Re: Qualification and identity

Hello Pierre-Antoine,

On Thu, Jan 6, 2022 at 12:32 PM Pierre-Antoine Champin
<pierre-antoine.champin@ercim.eu> wrote:
>
> Hi Niklas,
>
> thanks for a very interesting read!

Thank you for taking the time!

> A few comments below:
>
> 1) you mention PROV's qualified terms, but I was surprised that you
> didn't mention PROV's specialization [1]. For me prov:specializationOf
> and quid:qualifies are very similar. Or did I miss something?

You did not, it was I who missed that one! I believe I mistook it as
constrained (to certain artifacts). It certainly seems equivalent to
quid:qualifies; thanks for pointing it out!

(There's a number of more domain-constrained variants of this notion,
such as schema:exampleOfWork, bf:expressionOf and
premis:representationOf. Having this generic variant is certainly
potential for at least formal interoperability.)

> 2) Your write:
>
>  > Therefore, the presence of a quid:qualifies property on any entity
> immediately conveys its nature as a qualified identity, meaning that it
> is of the same kind, but of a narrower nature than the thing qualified;
> and that this narrower nature is conveyed through the other properties
> if it.
>
> but don't you need then to distinguish the properties qualifying the
> identity (e.g. :earliestYear) from the properties expressing
> relationships between this qualified identifier and something else (e.g.
> :partOf)?

I am not sure that I do? This is part of the fuzziness of
qualification, for better and worse. How am one to formally separate
something qualified from its more generic thing? The idea here is that
one is supposed to do that only by "descriptive extension", if that
makes sense. The qualified thing is of the same type, but
conceptualized in a more precise way (such as a person in a period of
time, or as seen through some peculiarity (e.g. when playing a role or
taken as playing one)). The properties may be specific to the type at
hand (such as a :Place) but only applicable for the qualified identity
(such as an rdfs:label only used during a period of time), particular
to any quid:QualifiedIdentity (:earliestYear), or fully generic (such
as many Dublin Core terms). They might also be inapplicable properties
of course (due to disjointness), but those are the only means to
possibly formally detect something conflicting.

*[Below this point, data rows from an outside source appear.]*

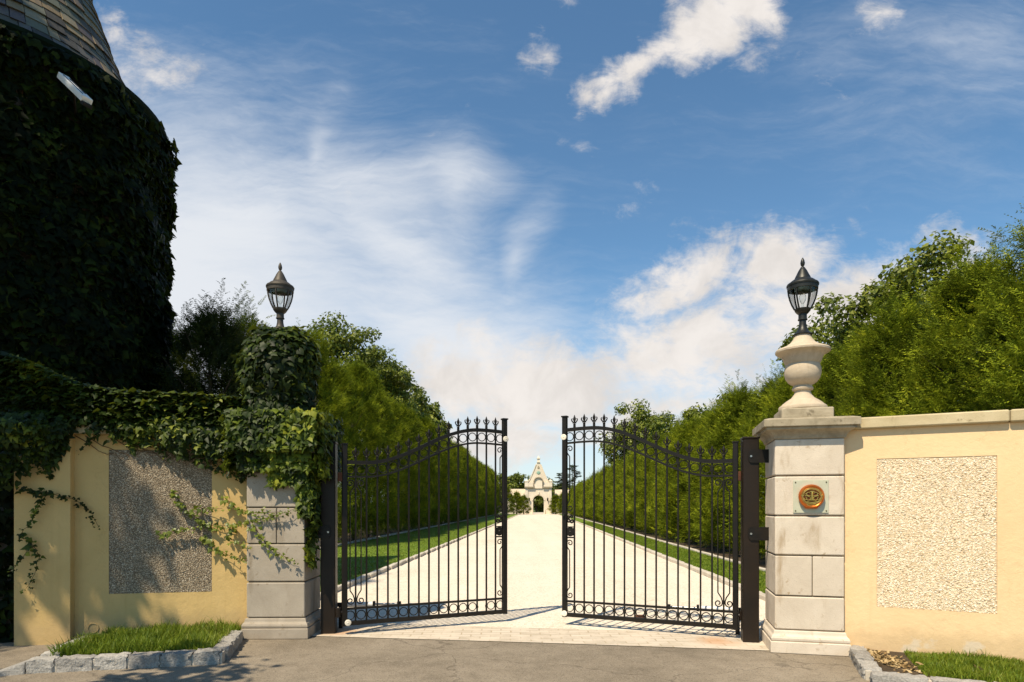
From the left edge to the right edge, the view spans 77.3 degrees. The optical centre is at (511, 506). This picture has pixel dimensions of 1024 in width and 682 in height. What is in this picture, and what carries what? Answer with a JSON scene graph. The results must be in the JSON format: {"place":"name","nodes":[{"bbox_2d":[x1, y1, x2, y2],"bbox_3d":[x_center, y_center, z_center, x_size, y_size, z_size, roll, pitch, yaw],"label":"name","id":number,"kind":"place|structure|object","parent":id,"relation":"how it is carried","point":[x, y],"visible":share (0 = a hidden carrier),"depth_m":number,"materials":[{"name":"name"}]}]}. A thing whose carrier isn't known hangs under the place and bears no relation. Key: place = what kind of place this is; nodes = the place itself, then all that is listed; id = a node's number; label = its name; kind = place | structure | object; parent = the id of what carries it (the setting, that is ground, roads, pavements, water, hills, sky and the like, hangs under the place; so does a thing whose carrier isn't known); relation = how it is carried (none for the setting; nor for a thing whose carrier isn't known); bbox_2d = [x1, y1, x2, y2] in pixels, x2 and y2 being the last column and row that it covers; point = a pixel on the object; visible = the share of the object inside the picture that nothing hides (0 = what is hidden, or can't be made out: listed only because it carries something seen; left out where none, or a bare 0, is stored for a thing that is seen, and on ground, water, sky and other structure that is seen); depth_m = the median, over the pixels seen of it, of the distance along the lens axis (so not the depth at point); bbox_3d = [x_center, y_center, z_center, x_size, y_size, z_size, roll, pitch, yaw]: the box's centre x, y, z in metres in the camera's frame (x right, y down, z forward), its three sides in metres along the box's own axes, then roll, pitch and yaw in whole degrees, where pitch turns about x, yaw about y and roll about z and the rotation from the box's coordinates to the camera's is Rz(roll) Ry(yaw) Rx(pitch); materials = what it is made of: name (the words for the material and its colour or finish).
{"place":"outdoors","nodes":[
{"label":"outdoors","id":0,"kind":"place"},
{"bbox_2d":[45,614,241,656],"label":"grass","id":1,"kind":"structure","parent":0,"point":[164,637],"depth_m":6.64,"materials":[{"name":"green plant"}]},
{"bbox_2d":[319,514,494,546],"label":"hedge bed","id":2,"kind":"object","parent":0,"point":[390,532],"depth_m":37.33,"materials":[{"name":"soil"}]},
{"bbox_2d":[296,320,364,541],"bbox_3d":[-7.796,-2.726,24.135,4.822,8.728,4.779,0,0,-23],"label":"cypress tree","id":3,"kind":"object","parent":2,"relation":"on","point":[334,403],"visible":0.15,"depth_m":24.14,"materials":[{"name":"green plant"}]},
{"bbox_2d":[301,310,395,398],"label":"broadleaf tree","id":4,"kind":"object","parent":2,"relation":"on","point":[340,344],"visible":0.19,"depth_m":37.64,"materials":[{"name":"green plant"}]},
{"bbox_2d":[318,355,390,540],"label":"cypress tree","id":5,"kind":"object","parent":2,"relation":"on","point":[343,382],"visible":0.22,"depth_m":26.53,"materials":[{"name":"green plant"}]},
{"bbox_2d":[336,357,405,539],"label":"cypress tree","id":6,"kind":"object","parent":2,"relation":"on","point":[360,373],"visible":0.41,"depth_m":28.78,"materials":[{"name":"green plant"}]},
{"bbox_2d":[338,368,406,536],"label":"cypress tree","id":7,"kind":"object","parent":2,"relation":"on","point":[386,415],"visible":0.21,"depth_m":31.57,"materials":[{"name":"green plant"}]},
{"bbox_2d":[339,385,417,535],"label":"cypress tree","id":8,"kind":"object","parent":2,"relation":"on","point":[402,463],"visible":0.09,"depth_m":34.01,"materials":[{"name":"green plant"}]},
{"bbox_2d":[364,344,419,414],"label":"broadleaf tree","id":9,"kind":"object","parent":2,"relation":"on","point":[401,379],"visible":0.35,"depth_m":46.29,"materials":[{"name":"green plant"}]},
{"bbox_2d":[370,391,427,532],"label":"cypress tree","id":10,"kind":"object","parent":2,"relation":"on","point":[405,431],"visible":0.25,"depth_m":36.66,"materials":[{"name":"green plant"}]},
{"bbox_2d":[380,400,436,530],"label":"cypress tree","id":11,"kind":"object","parent":2,"relation":"on","point":[423,502],"visible":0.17,"depth_m":38.90,"materials":[{"name":"green plant"}]},
{"bbox_2d":[384,405,442,529],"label":"cypress tree","id":12,"kind":"object","parent":2,"relation":"on","point":[435,511],"visible":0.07,"depth_m":41.86,"materials":[{"name":"green plant"}]},
{"bbox_2d":[403,419,446,528],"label":"cypress tree","id":13,"kind":"object","parent":2,"relation":"on","point":[433,489],"visible":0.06,"depth_m":44.15,"materials":[{"name":"green plant"}]},
{"bbox_2d":[410,414,454,527],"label":"cypress tree","id":14,"kind":"object","parent":2,"relation":"on","point":[427,423],"visible":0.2,"depth_m":46.95,"materials":[{"name":"green plant"}]},
{"bbox_2d":[421,399,452,439],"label":"broadleaf tree","id":15,"kind":"object","parent":2,"relation":"on","point":[434,412],"visible":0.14,"depth_m":62.96,"materials":[{"name":"green plant"}]},
{"bbox_2d":[415,417,462,525],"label":"cypress tree","id":16,"kind":"object","parent":2,"relation":"on","point":[442,480],"visible":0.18,"depth_m":49.50,"materials":[{"name":"green plant"}]},
{"bbox_2d":[427,423,463,524],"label":"cypress tree","id":17,"kind":"object","parent":2,"relation":"on","point":[451,487],"visible":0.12,"depth_m":52.50,"materials":[{"name":"green plant"}]},
{"bbox_2d":[435,433,466,522],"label":"cypress tree","id":18,"kind":"object","parent":2,"relation":"on","point":[453,474],"visible":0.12,"depth_m":55.37,"materials":[{"name":"green plant"}]},
{"bbox_2d":[436,438,471,523],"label":"cypress tree","id":19,"kind":"object","parent":2,"relation":"on","point":[454,450],"visible":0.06,"depth_m":58.02,"materials":[{"name":"green plant"}]},
{"bbox_2d":[462,450,481,519],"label":"cypress tree","id":20,"kind":"object","parent":2,"relation":"on","point":[470,465],"visible":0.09,"depth_m":69.81,"materials":[{"name":"green plant"}]},
{"bbox_2d":[319,514,517,591],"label":"lawn","id":21,"kind":"structure","parent":0,"point":[491,519],"depth_m":24.66,"materials":[{"name":"green plant"}]},
{"bbox_2d":[136,278,250,396],"bbox_3d":[-5.694,-1.374,12.098,3.671,6.037,4.272,0,0,0],"label":"cypress tree","id":22,"kind":"object","parent":21,"relation":"on","point":[210,338],"visible":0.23,"depth_m":11.81,"materials":[{"name":"green plant"}]},
{"bbox_2d":[201,281,273,396],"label":"cypress tree","id":23,"kind":"object","parent":21,"relation":"on","point":[251,321],"visible":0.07,"depth_m":13.83,"materials":[{"name":"green plant"}]},
{"bbox_2d":[508,490,525,513],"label":"cypress tree","id":24,"kind":"object","parent":21,"relation":"on","point":[516,500],"visible":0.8,"depth_m":123.05,"materials":[{"name":"green plant"}]},
{"bbox_2d":[0,636,929,681],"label":"asphalt road","id":25,"kind":"structure","parent":0,"point":[327,659],"depth_m":6.25,"materials":[{"name":"grey asphalt"}]},
{"bbox_2d":[0,660,26,675],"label":"granite block","id":26,"kind":"structure","parent":25,"relation":"on","point":[18,668],"depth_m":5.91,"materials":[{"name":"grey stone"}]},
{"bbox_2d":[26,655,60,673],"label":"granite block","id":27,"kind":"structure","parent":25,"relation":"on","point":[40,664],"depth_m":5.97,"materials":[{"name":"stone"}]},
{"bbox_2d":[55,654,96,672],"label":"granite block","id":28,"kind":"structure","parent":25,"relation":"on","point":[74,663],"depth_m":6.03,"materials":[{"name":"stone"}]},
{"bbox_2d":[94,652,131,669],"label":"granite block","id":29,"kind":"structure","parent":25,"relation":"on","point":[110,661],"depth_m":6.09,"materials":[{"name":"stone"}]},
{"bbox_2d":[128,651,163,668],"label":"granite block","id":30,"kind":"structure","parent":25,"relation":"on","point":[150,659],"depth_m":6.16,"materials":[{"name":"stone"}]},
{"bbox_2d":[160,650,195,666],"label":"granite block","id":31,"kind":"structure","parent":25,"relation":"on","point":[173,658],"depth_m":6.22,"materials":[{"name":"stone"}]},
{"bbox_2d":[193,648,224,665],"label":"granite block","id":32,"kind":"structure","parent":25,"relation":"on","point":[210,656],"depth_m":6.29,"materials":[{"name":"stone"}]},
{"bbox_2d":[213,641,233,659],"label":"granite block","id":33,"kind":"structure","parent":25,"relation":"on","point":[227,647],"depth_m":6.58,"materials":[{"name":"stone"}]},
{"bbox_2d":[241,435,320,638],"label":"gate pier","id":34,"kind":"structure","parent":25,"relation":"on","point":[283,598],"depth_m":7.53,"materials":[{"name":"grey stone"}]},
{"bbox_2d":[231,324,325,411],"bbox_3d":[-2.843,-1.536,7.867,1.077,1.413,1.091,0,0,0],"label":"ivy","id":35,"kind":"object","parent":34,"relation":"on","point":[285,375],"visible":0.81,"depth_m":7.51,"materials":[{"name":"green plant"}]},
{"bbox_2d":[266,263,294,328],"bbox_3d":[-2.850,-2.569,7.870,0.336,0.860,0.336,0,0,0],"label":"lantern","id":36,"kind":"object","parent":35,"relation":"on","point":[279,285],"visible":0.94,"depth_m":7.83,"materials":[{"name":"metal"}]},
{"bbox_2d":[218,406,345,570],"bbox_3d":[-2.780,-0.195,7.829,1.352,1.972,1.217,0,0,0],"label":"ivy","id":37,"kind":"object","parent":34,"relation":"attached to","point":[278,446],"visible":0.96,"depth_m":7.38,"materials":[{"name":"green plant"}]},
{"bbox_2d":[312,441,337,633],"bbox_3d":[-2.292,0.379,7.845,0.284,2.343,0.207,0,0,-6],"label":"gate post","id":38,"kind":"object","parent":34,"relation":"attached to","point":[328,530],"visible":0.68,"depth_m":7.78,"materials":[{"name":"brown metal"}]},
{"bbox_2d":[335,416,508,626],"bbox_3d":[-1.085,0.124,8.144,2.271,2.642,0.105,0,0,-25],"label":"gate leaf","id":39,"kind":"object","parent":38,"relation":"attached to","point":[342,476],"visible":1,"depth_m":8.13,"materials":[{"name":"black paint"}]},
{"bbox_2d":[752,416,860,655],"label":"gate pier","id":40,"kind":"structure","parent":25,"relation":"on","point":[804,602],"depth_m":6.75,"materials":[{"name":"stone"}]},
{"bbox_2d":[740,436,768,642],"bbox_3d":[2.781,0.379,7.341,0.284,2.343,0.207,0,0,11],"label":"gate post","id":41,"kind":"object","parent":40,"relation":"attached to","point":[753,456],"visible":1,"depth_m":7.27,"materials":[{"name":"brown metal"}]},
{"bbox_2d":[561,414,740,629],"bbox_3d":[1.681,0.124,7.916,2.271,2.642,0.104,0,0,25],"label":"gate leaf","id":42,"kind":"object","parent":41,"relation":"attached to","point":[567,530],"visible":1,"depth_m":7.90,"materials":[{"name":"black paint"}]},
{"bbox_2d":[668,604,740,634],"bbox_3d":[2.349,1.381,7.858,0.884,0.338,0.075,0,0,17],"label":"gate opener","id":43,"kind":"object","parent":42,"relation":"attached to","point":[737,632],"visible":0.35,"depth_m":7.79,"materials":[{"name":"white metal"}]},
{"bbox_2d":[774,333,833,417],"bbox_3d":[3.215,-1.419,7.080,0.566,0.955,0.566,0,0,13],"label":"stone urn","id":44,"kind":"object","parent":40,"relation":"on","point":[801,356],"visible":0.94,"depth_m":6.92,"materials":[{"name":"stone"}]},
{"bbox_2d":[786,258,818,336],"bbox_3d":[3.215,-2.322,7.080,0.336,0.860,0.336,0,0,-10],"label":"lantern","id":45,"kind":"object","parent":44,"relation":"on","point":[804,282],"visible":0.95,"depth_m":7.04,"materials":[{"name":"metal"}]},
{"bbox_2d":[793,480,828,512],"bbox_3d":[3.139,-0.105,6.707,0.345,0.345,0.076,0,0,13],"label":"medallion","id":46,"kind":"object","parent":40,"relation":"attached to","point":[810,496],"visible":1,"depth_m":6.71,"materials":[{"name":"brown metal"}]},
{"bbox_2d":[850,649,873,668],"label":"granite block","id":47,"kind":"structure","parent":25,"relation":"on","point":[861,654],"depth_m":6.25,"materials":[{"name":"stone"}]},
{"bbox_2d":[856,658,881,680],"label":"granite block","id":48,"kind":"structure","parent":25,"relation":"on","point":[865,668],"depth_m":5.82,"materials":[{"name":"stone"}]},
{"bbox_2d":[869,670,931,681],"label":"granite block","id":49,"kind":"structure","parent":25,"relation":"on","point":[879,676],"depth_m":5.51,"materials":[{"name":"stone"}]},
{"bbox_2d":[930,676,985,681],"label":"granite block","id":50,"kind":"structure","parent":25,"relation":"on","point":[939,679],"depth_m":5.37,"materials":[{"name":"stone"}]},
{"bbox_2d":[319,514,765,633],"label":"driveway","id":51,"kind":"structure","parent":0,"point":[534,570],"depth_m":12.72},
{"bbox_2d":[312,624,768,649],"bbox_3d":[0.309,1.548,7.694,6.314,0.001,0.921,0,0,8],"label":"paver apron","id":52,"kind":"object","parent":51,"relation":"on","point":[624,637],"visible":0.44,"depth_m":7.68,"materials":[{"name":"stone"}]},
{"bbox_2d":[338,601,400,627],"bbox_3d":[-1.825,1.381,8.182,0.804,0.338,0.075,0,0,-6],"label":"gate opener","id":53,"kind":"object","parent":52,"relation":"on","point":[373,603],"visible":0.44,"depth_m":8.14,"materials":[{"name":"white metal"}]},
{"bbox_2d":[316,508,768,650],"bbox_3d":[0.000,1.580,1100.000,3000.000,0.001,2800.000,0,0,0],"label":"ground","id":54,"kind":"structure","parent":0,"point":[536,642],"depth_m":7.43,"materials":[{"name":"grey"}]},
{"bbox_2d":[0,462,13,637],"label":"boundary wall","id":55,"kind":"structure","parent":54,"relation":"on","point":[3,545],"depth_m":7.42,"materials":[{"name":"beige paint"}]},
{"bbox_2d":[0,428,21,642],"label":"ivy","id":56,"kind":"object","parent":55,"relation":"attached to","point":[7,530],"visible":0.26,"depth_m":7.35,"materials":[{"name":"green plant"}]},
{"bbox_2d":[0,0,167,387],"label":"tower","id":57,"kind":"structure","parent":54,"relation":"on","point":[72,27],"depth_m":10.45,"materials":[{"name":"grey stone"}]},
{"bbox_2d":[57,72,92,114],"bbox_3d":[-6.572,-6.142,9.564,1.028,0.685,0.324,0,0,44],"label":"floodlight","id":58,"kind":"object","parent":57,"relation":"attached to","point":[76,90],"visible":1,"depth_m":9.38,"materials":[{"name":"white metal"}]},
{"bbox_2d":[0,22,181,414],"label":"ivy","id":59,"kind":"object","parent":57,"relation":"attached to","point":[152,165],"visible":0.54,"depth_m":10.07,"materials":[{"name":"green plant"}]},
{"bbox_2d":[14,425,248,645],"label":"boundary wall","id":60,"kind":"structure","parent":54,"relation":"on","point":[124,565],"depth_m":7.43,"materials":[{"name":"paint"}]},
{"bbox_2d":[7,431,99,593],"bbox_3d":[-5.127,0.039,7.164,0.902,1.860,0.157,0,0,-22],"label":"vine","id":61,"kind":"object","parent":60,"relation":"attached to","point":[30,541],"visible":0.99,"depth_m":7.09,"materials":[{"name":"green plant"}]},
{"bbox_2d":[0,351,305,491],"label":"ivy","id":62,"kind":"object","parent":60,"relation":"attached to","point":[174,423],"visible":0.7,"depth_m":7.26,"materials":[{"name":"green plant"}]},
{"bbox_2d":[131,432,257,480],"bbox_3d":[-3.729,-0.631,7.499,1.526,0.671,0.234,0,0,-4],"label":"vine","id":63,"kind":"object","parent":60,"relation":"attached to","point":[207,466],"visible":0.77,"depth_m":7.49,"materials":[{"name":"green plant"}]},
{"bbox_2d":[155,489,311,564],"bbox_3d":[-3.237,0.239,7.527,1.828,0.891,0.260,0,0,0],"label":"vine","id":64,"kind":"object","parent":60,"relation":"attached to","point":[204,539],"visible":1,"depth_m":7.50,"materials":[{"name":"green plant"}]},
{"bbox_2d":[320,514,496,548],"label":"kerb","id":65,"kind":"structure","parent":54,"relation":"on","point":[339,544],"depth_m":34.79,"materials":[{"name":"stone"}]},
{"bbox_2d":[391,374,431,421],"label":"broadleaf tree","id":66,"kind":"object","parent":54,"relation":"on","point":[418,394],"visible":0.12,"depth_m":54.35,"materials":[{"name":"green plant"}]},
{"bbox_2d":[320,514,518,599],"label":"kerb","id":67,"kind":"structure","parent":54,"relation":"on","point":[372,574],"depth_m":16.72,"materials":[{"name":"stone"}]},
{"bbox_2d":[507,456,568,513],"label":"gatehouse","id":68,"kind":"object","parent":54,"relation":"on","point":[538,483],"visible":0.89,"depth_m":130.02,"materials":[{"name":"stone"}]},
{"bbox_2d":[595,399,676,465],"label":"broadleaf tree","id":69,"kind":"object","parent":54,"relation":"on","point":[644,418],"visible":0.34,"depth_m":59.98,"materials":[{"name":"green plant"}]},
{"bbox_2d":[557,514,764,600],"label":"kerb","id":70,"kind":"structure","parent":54,"relation":"on","point":[703,572],"depth_m":16.47,"materials":[{"name":"stone"}]},
{"bbox_2d":[573,516,765,570],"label":"kerb","id":71,"kind":"structure","parent":54,"relation":"on","point":[721,557],"depth_m":23.05,"materials":[{"name":"stone"}]},
{"bbox_2d":[665,402,711,431],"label":"broadleaf tree","id":72,"kind":"object","parent":54,"relation":"on","point":[689,412],"visible":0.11,"depth_m":44.73,"materials":[{"name":"green plant"}]},
{"bbox_2d":[776,292,872,397],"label":"broadleaf tree","id":73,"kind":"object","parent":54,"relation":"on","point":[820,328],"visible":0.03,"depth_m":23.29,"materials":[{"name":"green plant"}]},
{"bbox_2d":[822,228,1022,413],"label":"broadleaf tree","id":74,"kind":"object","parent":54,"relation":"on","point":[911,269],"visible":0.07,"depth_m":16.28,"materials":[{"name":"green plant"}]},
{"bbox_2d":[842,409,1023,660],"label":"boundary wall","id":75,"kind":"structure","parent":54,"relation":"on","point":[933,516],"depth_m":6.36,"materials":[{"name":"beige paint"}]},
{"bbox_2d":[93,0,1023,501],"label":"sky","id":76,"kind":"structure","parent":0,"point":[545,211],"materials":[{"name":"blue"}]},
{"bbox_2d":[559,514,766,592],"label":"lawn","id":77,"kind":"structure","parent":0,"point":[578,519],"depth_m":20.47,"materials":[{"name":"green plant"}]},
{"bbox_2d":[568,514,765,567],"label":"hedge bed","id":78,"kind":"object","parent":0,"point":[762,562],"depth_m":25.56,"materials":[{"name":"soil"}]},
{"bbox_2d":[590,461,608,522],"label":"cypress tree","id":79,"kind":"object","parent":78,"relation":"on","point":[598,485],"visible":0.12,"depth_m":60.07,"materials":[{"name":"green plant"}]},
{"bbox_2d":[601,453,629,525],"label":"cypress tree","id":80,"kind":"object","parent":78,"relation":"on","point":[617,467],"visible":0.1,"depth_m":49.63,"materials":[{"name":"green plant"}]},
{"bbox_2d":[605,454,633,527],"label":"cypress tree","id":81,"kind":"object","parent":78,"relation":"on","point":[621,520],"visible":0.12,"depth_m":45.75,"materials":[{"name":"green plant"}]},
{"bbox_2d":[609,440,647,528],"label":"cypress tree","id":82,"kind":"object","parent":78,"relation":"on","point":[627,470],"visible":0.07,"depth_m":41.57,"materials":[{"name":"green plant"}]},
{"bbox_2d":[618,438,650,530],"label":"cypress tree","id":83,"kind":"object","parent":78,"relation":"on","point":[630,513],"visible":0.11,"depth_m":39.15,"materials":[{"name":"green plant"}]},
{"bbox_2d":[618,440,654,532],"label":"cypress tree","id":84,"kind":"object","parent":78,"relation":"on","point":[631,496],"visible":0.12,"depth_m":37.24,"materials":[{"name":"green plant"}]},
{"bbox_2d":[625,430,668,533],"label":"cypress tree","id":85,"kind":"object","parent":78,"relation":"on","point":[639,490],"visible":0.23,"depth_m":34.90,"materials":[{"name":"green plant"}]},
{"bbox_2d":[637,433,679,535],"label":"cypress tree","id":86,"kind":"object","parent":78,"relation":"on","point":[649,495],"visible":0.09,"depth_m":33.04,"materials":[{"name":"green plant"}]},
{"bbox_2d":[646,418,685,537],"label":"cypress tree","id":87,"kind":"object","parent":78,"relation":"on","point":[658,471],"visible":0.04,"depth_m":31.05,"materials":[{"name":"green plant"}]},
{"bbox_2d":[643,413,701,539],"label":"cypress tree","id":88,"kind":"object","parent":78,"relation":"on","point":[659,505],"visible":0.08,"depth_m":29.11,"materials":[{"name":"green plant"}]},
{"bbox_2d":[650,408,710,542],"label":"cypress tree","id":89,"kind":"object","parent":78,"relation":"on","point":[688,428],"visible":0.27,"depth_m":26.98,"materials":[{"name":"green plant"}]},
{"bbox_2d":[668,399,732,545],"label":"cypress tree","id":90,"kind":"object","parent":78,"relation":"on","point":[684,483],"visible":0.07,"depth_m":24.92,"materials":[{"name":"green plant"}]},
{"bbox_2d":[669,390,759,548],"bbox_3d":[7.540,-1.294,22.853,3.435,5.843,3.628,0,0,33],"label":"cypress tree","id":91,"kind":"object","parent":78,"relation":"on","point":[714,414],"visible":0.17,"depth_m":22.77,"materials":[{"name":"green plant"}]},
{"bbox_2d":[684,369,765,553],"bbox_3d":[7.555,-1.248,20.540,4.228,6.427,3.784,0,0,41],"label":"cypress tree","id":92,"kind":"object","parent":78,"relation":"on","point":[736,399],"visible":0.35,"depth_m":20.64,"materials":[{"name":"green plant"}]},
{"bbox_2d":[713,359,783,554],"bbox_3d":[7.752,-1.277,18.538,3.842,6.059,3.431,0,0,38],"label":"cypress tree","id":93,"kind":"object","parent":78,"relation":"on","point":[746,431],"visible":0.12,"depth_m":18.60,"materials":[{"name":"green plant"}]},
{"bbox_2d":[721,367,823,558],"bbox_3d":[7.370,-1.112,16.171,3.725,5.593,3.933,0,0,-41],"label":"cypress tree","id":94,"kind":"object","parent":78,"relation":"on","point":[784,394],"visible":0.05,"depth_m":16.20,"materials":[{"name":"green plant"}]},
{"bbox_2d":[759,318,895,524],"bbox_3d":[7.322,-1.117,14.358,4.108,6.126,3.695,0,0,28],"label":"cypress tree","id":95,"kind":"object","parent":78,"relation":"on","point":[823,383],"visible":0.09,"depth_m":14.00,"materials":[{"name":"green plant"}]},
{"bbox_2d":[822,269,978,417],"bbox_3d":[7.297,-1.324,11.988,3.310,6.159,3.417,0,0,-33],"label":"cypress tree","id":96,"kind":"object","parent":78,"relation":"on","point":[876,342],"visible":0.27,"depth_m":11.65,"materials":[{"name":"green plant"}]},
{"bbox_2d":[858,225,1022,416],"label":"cypress tree","id":97,"kind":"object","parent":78,"relation":"on","point":[951,307],"visible":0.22,"depth_m":9.82,"materials":[{"name":"green plant"}]},
{"bbox_2d":[924,203,1023,412],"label":"cypress tree","id":98,"kind":"object","parent":78,"relation":"on","point":[1010,308],"visible":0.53,"depth_m":8.16,"materials":[{"name":"green plant"}]},
{"bbox_2d":[869,649,989,681],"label":"bed soil","id":99,"kind":"structure","parent":0,"point":[885,667],"depth_m":5.99,"materials":[{"name":"brown soil"}]},
{"bbox_2d":[866,648,922,673],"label":"leaf litter","id":100,"kind":"object","parent":99,"relation":"on","point":[895,664],"visible":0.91,"depth_m":6.06,"materials":[{"name":"brown plant"}]},
{"bbox_2d":[904,648,1023,681],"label":"grass","id":101,"kind":"structure","parent":0,"point":[957,665],"depth_m":5.75,"materials":[{"name":"green plant"}]},
{"label":"forecourt","id":102,"kind":"structure","parent":0,"visible":0},
{"bbox_2d":[498,472,525,491],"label":"broadleaf tree","id":103,"kind":"object","parent":102,"relation":"on","point":[515,480],"visible":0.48,"depth_m":156.50,"materials":[{"name":"green plant"}]},
{"bbox_2d":[526,475,556,511],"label":"broadleaf tree","id":104,"kind":"object","parent":102,"relation":"on","point":[538,503],"visible":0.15,"depth_m":166.96,"materials":[{"name":"green plant"}]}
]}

Note that I am not fully and generally recommending this practice. It
is mainly an exercise at this point, albeit drawn from patterns that
occasionally pop up; especially in libraries where creative works are
"reified" through their incarnations in e.g. book editions, and where
variations and personas abound (and where dare I say the lines of
"real" and "nominal" are sometimes quite blurred).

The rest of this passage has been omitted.